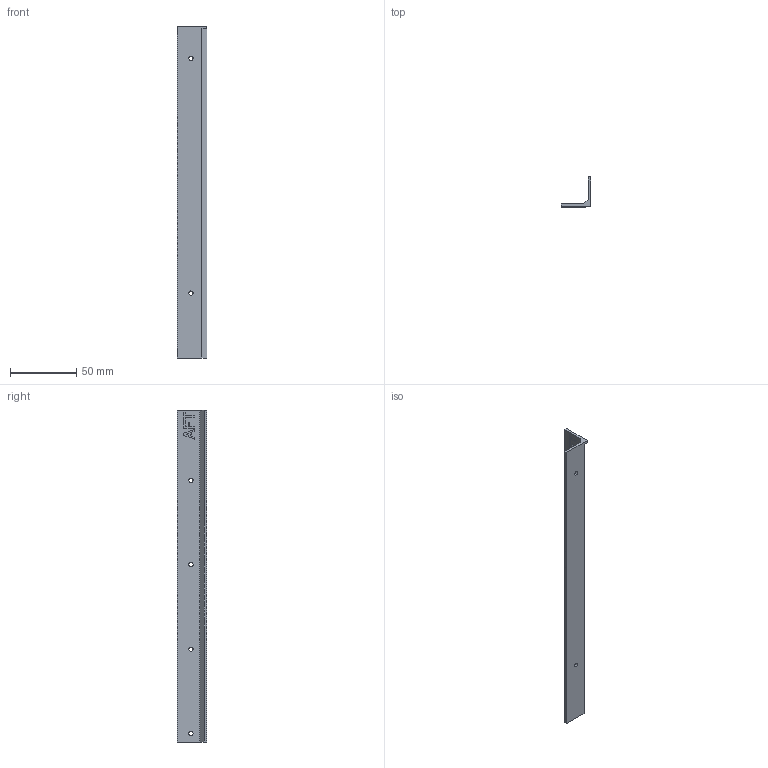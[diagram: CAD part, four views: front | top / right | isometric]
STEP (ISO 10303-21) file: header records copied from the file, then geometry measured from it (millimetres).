
FILE_DESCRIPTION (( 'STEP AP214' ), '1' );
FILE_NAME ('TMPLT-FIN-BRKT-1X1-AFT.STEP', '2024-08-17T20:35:35', ( '' ), ( '' ), 'SwSTEP 2.0', 'SolidWorks 2022', '' );
FILE_SCHEMA (( 'AUTOMOTIVE_DESIGN' ));
Length unit declared in the file: inch
Products named in the file (1): TMPLT-FIN-BRKT-1X1-AFT
Bounding box: 22.23 x 22.23 x 249.68 mm (x, y, z)
Volume: 20976 mm3; surface area: 21525.8 mm2
Topology: 1 solids, 1 shells, 212 faces, 603 edges, 402 vertices
Faces by surface type: plane 130, bspline 70, cylinder 12
Entity records: 10341 total; most frequent: CARTESIAN_POINT 5214, ORIENTED_EDGE 1206, DIRECTION 773, EDGE_CURVE 603, LINE 439, VECTOR 439, VERTEX_POINT 402, EDGE_LOOP 233
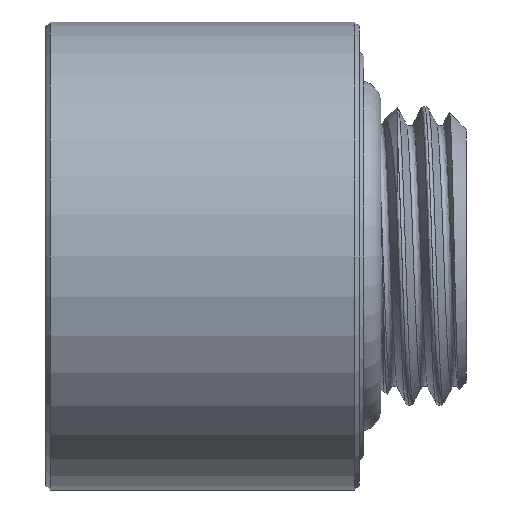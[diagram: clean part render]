
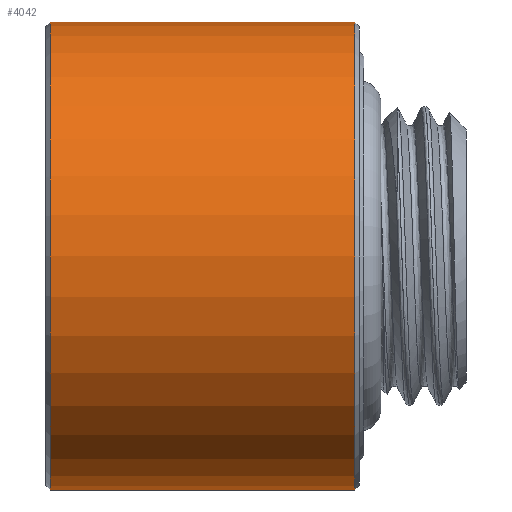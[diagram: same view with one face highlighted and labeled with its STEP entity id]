
A CAD part, left-side view. The second image highlights one B-rep face of the part: STEP entity #4042.
In plain terms, the highlighted cylindrical face has radius 10.3 mm (diameter 20.6 mm), a partial arc.
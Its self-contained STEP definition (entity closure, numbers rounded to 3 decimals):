
#31 = VERTEX_POINT ( 'NONE', #4837 ) ;
#90 = DIRECTION ( 'NONE',  ( 0., 0., -1. ) ) ;
#129 = AXIS2_PLACEMENT_3D ( 'NONE', #864, #1765, #1739 ) ;
#416 = DIRECTION ( 'NONE',  ( 0., -1., 0. ) ) ;
#497 = ORIENTED_EDGE ( 'NONE', *, *, #2482, .T. ) ;
#504 = ORIENTED_EDGE ( 'NONE', *, *, #2483, .F. ) ;
#833 = AXIS2_PLACEMENT_3D ( 'NONE', #4053, #416, #2484 ) ;
#864 = CARTESIAN_POINT ( 'NONE',  ( 0., 13.8, 0. ) ) ;
#1405 = VECTOR ( 'NONE', #1918, 1000. ) ;
#1655 = VERTEX_POINT ( 'NONE', #2769 ) ;
#1691 = DIRECTION ( 'NONE',  ( 0., -1., 0. ) ) ;
#1739 = DIRECTION ( 'NONE',  ( 0., 0., -1. ) ) ;
#1765 = DIRECTION ( 'NONE',  ( 0., -1., 0. ) ) ;
#1812 = CARTESIAN_POINT ( 'NONE',  ( 0., 0.4, -10.3 ) ) ;
#1830 = VECTOR ( 'NONE', #1691, 1000. ) ;
#1918 = DIRECTION ( 'NONE',  ( 0., -1., 0. ) ) ;
#1989 = CARTESIAN_POINT ( 'NONE',  ( 0., 0.4, 10.3 ) ) ;
#2003 = CIRCLE ( 'NONE', #129, 10.3 ) ;
#2034 = CARTESIAN_POINT ( 'NONE',  ( 0., 0., -10.3 ) ) ;
#2109 = CARTESIAN_POINT ( 'NONE',  ( 0., 0.4, 0. ) ) ;
#2132 = CARTESIAN_POINT ( 'NONE',  ( 0., 0., 10.3 ) ) ;
#2164 = EDGE_CURVE ( 'NONE', #31, #4450, #4859, .T. ) ;
#2261 = ORIENTED_EDGE ( 'NONE', *, *, #2578, .F. ) ;
#2312 = EDGE_LOOP ( 'NONE', ( #504, #497, #3772, #2261 ) ) ;
#2482 = EDGE_CURVE ( 'NONE', #1655, #31, #2003, .T. ) ;
#2483 = EDGE_CURVE ( 'NONE', #1655, #4535, #4093, .T. ) ;
#2484 = DIRECTION ( 'NONE',  ( 0., 0., -1. ) ) ;
#2578 = EDGE_CURVE ( 'NONE', #4535, #4450, #4957, .T. ) ;
#2593 = AXIS2_PLACEMENT_3D ( 'NONE', #2109, #3721, #90 ) ;
#2769 = CARTESIAN_POINT ( 'NONE',  ( 0., 13.8, 10.3 ) ) ;
#3721 = DIRECTION ( 'NONE',  ( 0., -1., 0. ) ) ;
#3772 = ORIENTED_EDGE ( 'NONE', *, *, #2164, .T. ) ;
#4042 = ADVANCED_FACE ( 'NONE', ( #4518 ), #4078, .T. ) ;
#4053 = CARTESIAN_POINT ( 'NONE',  ( 0., 0., 0. ) ) ;
#4078 = CYLINDRICAL_SURFACE ( 'NONE', #833, 10.3 ) ;
#4093 = LINE ( 'NONE', #2132, #1830 ) ;
#4450 = VERTEX_POINT ( 'NONE', #1812 ) ;
#4518 = FACE_OUTER_BOUND ( 'NONE', #2312, .T. ) ;
#4535 = VERTEX_POINT ( 'NONE', #1989 ) ;
#4837 = CARTESIAN_POINT ( 'NONE',  ( 0., 13.8, -10.3 ) ) ;
#4859 = LINE ( 'NONE', #2034, #1405 ) ;
#4957 = CIRCLE ( 'NONE', #2593, 10.3 ) ;
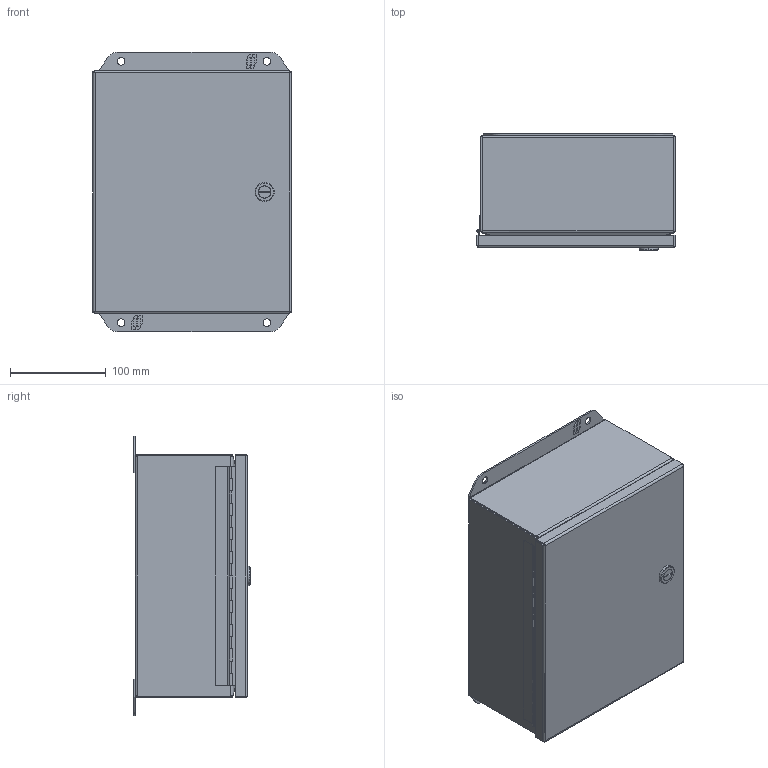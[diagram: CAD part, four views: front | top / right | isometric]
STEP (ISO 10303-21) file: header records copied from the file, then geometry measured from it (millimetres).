
FILE_DESCRIPTION (( 'STEP AP203' ), '1' );
FILE_NAME ('EJ1084SS_Default.step', '2019-11-13T19:57:17', ( '' ), ( '' ), 'SwSTEP 2.0', 'SolidWorks 2019', '' );
FILE_SCHEMA (( 'CONFIG_CONTROL_DESIGN' ));
Length unit declared in the file: inch
Products named in the file (1): EJ1084SS_Default
Bounding box: 207.4 x 122.06 x 292.1 mm (x, y, z)
Volume: 481366.8 mm3; surface area: 623490.5 mm2
Topology: 16 solids, 17 shells, 688 faces, 1736 edges, 1089 vertices
Faces by surface type: plane 386, cylinder 206, bspline 60, cone 36
Entity records: 23807 total; most frequent: CARTESIAN_POINT 7426, ORIENTED_EDGE 3448, DIRECTION 3246, EDGE_CURVE 1724, VECTOR 1180, LINE 1180, VERTEX_POINT 1089, AXIS2_PLACEMENT_3D 1033
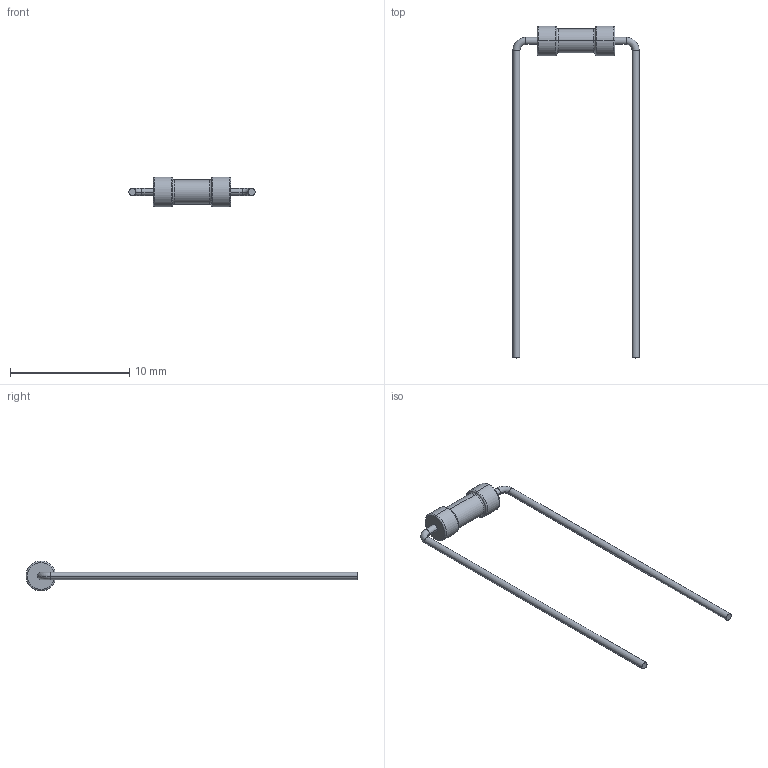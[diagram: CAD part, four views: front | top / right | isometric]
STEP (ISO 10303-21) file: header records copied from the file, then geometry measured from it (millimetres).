
FILE_DESCRIPTION (( 'STEP AP214' ), '1' );
FILE_NAME ('MRS25000C1000FC100.STEP', '2024-12-06T13:37:39', ( 'LENOVO' ), ( '' ), 'SwSTEP 2.0', 'SolidWorks 2021', '' );
FILE_SCHEMA (( 'AUTOMOTIVE_DESIGN' ));
Length unit declared in the file: millimetre
Products named in the file (1): MRS25000C1000FC100
Bounding box: 10.6 x 27.84 x 2.5 mm (x, y, z)
Volume: 42.2 mm3; surface area: 163.8 mm2
Topology: 3 solids, 3 shells, 36 faces, 66 edges, 36 vertices
Faces by surface type: torus 16, cylinder 14, plane 6
Entity records: 1162 total; most frequent: DIRECTION 192, CARTESIAN_POINT 139, ORIENTED_EDGE 132, AXIS2_PLACEMENT_3D 89, EDGE_CURVE 66, CIRCLE 52, ADVANCED_FACE 36, FACE_OUTER_BOUND 36

+++

Your answer must be everything above from the line with "#2578 = EDGE_CURVE" down to the line with "Bounding box: 10.6 x 27.84 x 2.5 mm (x, y, z)", word for word, and no pictures.

Solution to this exercise:
#2578 = EDGE_CURVE ( 'NONE', #4535, #4450, #4957, .T. ) ;
#2593 = AXIS2_PLACEMENT_3D ( 'NONE', #2109, #3721, #90 ) ;
#2769 = CARTESIAN_POINT ( 'NONE',  ( 0., 13.8, 10.3 ) ) ;
#3721 = DIRECTION ( 'NONE',  ( 0., -1., 0. ) ) ;
#3772 = ORIENTED_EDGE ( 'NONE', *, *, #2164, .T. ) ;
#4042 = ADVANCED_FACE ( 'NONE', ( #4518 ), #4078, .T. ) ;
#4053 = CARTESIAN_POINT ( 'NONE',  ( 0., 0., 0. ) ) ;
#4078 = CYLINDRICAL_SURFACE ( 'NONE', #833, 10.3 ) ;
#4093 = LINE ( 'NONE', #2132, #1830 ) ;
#4450 = VERTEX_POINT ( 'NONE', #1812 ) ;
#4518 = FACE_OUTER_BOUND ( 'NONE', #2312, .T. ) ;
#4535 = VERTEX_POINT ( 'NONE', #1989 ) ;
#4837 = CARTESIAN_POINT ( 'NONE',  ( 0., 13.8, -10.3 ) ) ;
#4859 = LINE ( 'NONE', #2034, #1405 ) ;
#4957 = CIRCLE ( 'NONE', #2593, 10.3 ) ;
[diagram: CAD part, four views: front | top / right | isometric]
STEP (ISO 10303-21) file: header records copied from the file, then geometry measured from it (millimetres).
FILE_DESCRIPTION (( 'STEP AP203' ), '1' );
FILE_NAME ('EJ1084SS_Default.step', '2019-11-13T19:57:17', ( '' ), ( '' ), 'SwSTEP 2.0', 'SolidWorks 2019', '' );
FILE_SCHEMA (( 'CONFIG_CONTROL_DESIGN' ));
Length unit declared in the file: inch
Products named in the file (1): EJ1084SS_Default
Bounding box: 207.4 x 122.06 x 292.1 mm (x, y, z)
Volume: 481366.8 mm3; surface area: 623490.5 mm2
Topology: 16 solids, 17 shells, 688 faces, 1736 edges, 1089 vertices
Faces by surface type: plane 386, cylinder 206, bspline 60, cone 36
Entity records: 23807 total; most frequent: CARTESIAN_POINT 7426, ORIENTED_EDGE 3448, DIRECTION 3246, EDGE_CURVE 1724, VECTOR 1180, LINE 1180, VERTEX_POINT 1089, AXIS2_PLACEMENT_3D 1033
[diagram: CAD part, four views: front | top / right | isometric]
STEP (ISO 10303-21) file: header records copied from the file, then geometry measured from it (millimetres).
FILE_DESCRIPTION (( 'STEP AP214' ), '1' );
FILE_NAME ('MRS25000C1000FC100.STEP', '2024-12-06T13:37:39', ( 'LENOVO' ), ( '' ), 'SwSTEP 2.0', 'SolidWorks 2021', '' );
FILE_SCHEMA (( 'AUTOMOTIVE_DESIGN' ));
Length unit declared in the file: millimetre
Products named in the file (1): MRS25000C1000FC100
Bounding box: 10.6 x 27.84 x 2.5 mm (x, y, z)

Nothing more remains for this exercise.